I apologize for that brief interlude, but I must admit to a little guilt at having a moderately decent page rank for many searches that are mere name-droppings here whereas people are searching for real information. It's only a little guilt.

The people for whom I feel bad are the people who find me by searching for movie titles, hoping for some insightful information or the like. Bah. Let them search. I'm merely trying to keep track of what I've watched, now that my Palm IIIx (with which I am very much satisfied) lost its data temporarily due to a lack of fresh AAAs. And so on and blah blah blah...

Basically, I've watched some movies lately. Here is a quick list and my thoughts on them.

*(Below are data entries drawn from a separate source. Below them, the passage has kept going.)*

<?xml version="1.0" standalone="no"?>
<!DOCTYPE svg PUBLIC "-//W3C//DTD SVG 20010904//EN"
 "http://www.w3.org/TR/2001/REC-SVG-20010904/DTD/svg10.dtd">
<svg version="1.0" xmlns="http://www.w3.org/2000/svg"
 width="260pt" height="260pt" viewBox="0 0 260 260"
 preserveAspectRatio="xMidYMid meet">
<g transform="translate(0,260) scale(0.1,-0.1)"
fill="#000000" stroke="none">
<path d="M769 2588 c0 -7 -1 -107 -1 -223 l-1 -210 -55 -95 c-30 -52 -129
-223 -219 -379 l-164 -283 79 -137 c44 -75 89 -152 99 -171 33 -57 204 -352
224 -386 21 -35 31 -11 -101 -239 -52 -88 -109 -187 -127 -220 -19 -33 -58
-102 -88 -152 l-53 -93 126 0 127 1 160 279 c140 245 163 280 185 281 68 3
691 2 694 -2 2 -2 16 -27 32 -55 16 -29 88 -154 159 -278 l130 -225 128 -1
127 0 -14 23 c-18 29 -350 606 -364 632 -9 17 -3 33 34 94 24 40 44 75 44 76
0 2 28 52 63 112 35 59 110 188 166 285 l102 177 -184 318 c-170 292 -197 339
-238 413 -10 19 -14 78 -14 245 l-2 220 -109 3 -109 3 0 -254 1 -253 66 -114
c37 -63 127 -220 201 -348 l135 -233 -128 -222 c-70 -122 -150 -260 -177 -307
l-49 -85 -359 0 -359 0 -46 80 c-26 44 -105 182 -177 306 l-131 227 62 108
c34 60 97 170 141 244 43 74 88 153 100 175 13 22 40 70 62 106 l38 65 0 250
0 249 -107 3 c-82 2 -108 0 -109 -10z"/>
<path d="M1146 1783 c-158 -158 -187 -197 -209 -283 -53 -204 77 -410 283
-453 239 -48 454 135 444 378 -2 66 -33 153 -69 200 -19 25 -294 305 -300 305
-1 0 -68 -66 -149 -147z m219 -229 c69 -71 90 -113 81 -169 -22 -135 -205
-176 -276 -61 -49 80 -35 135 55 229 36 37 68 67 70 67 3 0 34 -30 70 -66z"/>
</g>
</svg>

  • Pootie Tang is just a bizarre movie. I recall hearing or reading an interview with one of the creators, which revealed his dislike for the finished product and moreover his loss of control. I guess it got butchered, and having watched it that's an easy story to believe. That said, the whole idea's a difficult one to pull off, and similar projects (as similar as anything can be) have only had relative success, judged primarily on the vehemence of their respective fan clubs (see The adventures of Buckaroo Banzai in the eighth dimension for an example of this.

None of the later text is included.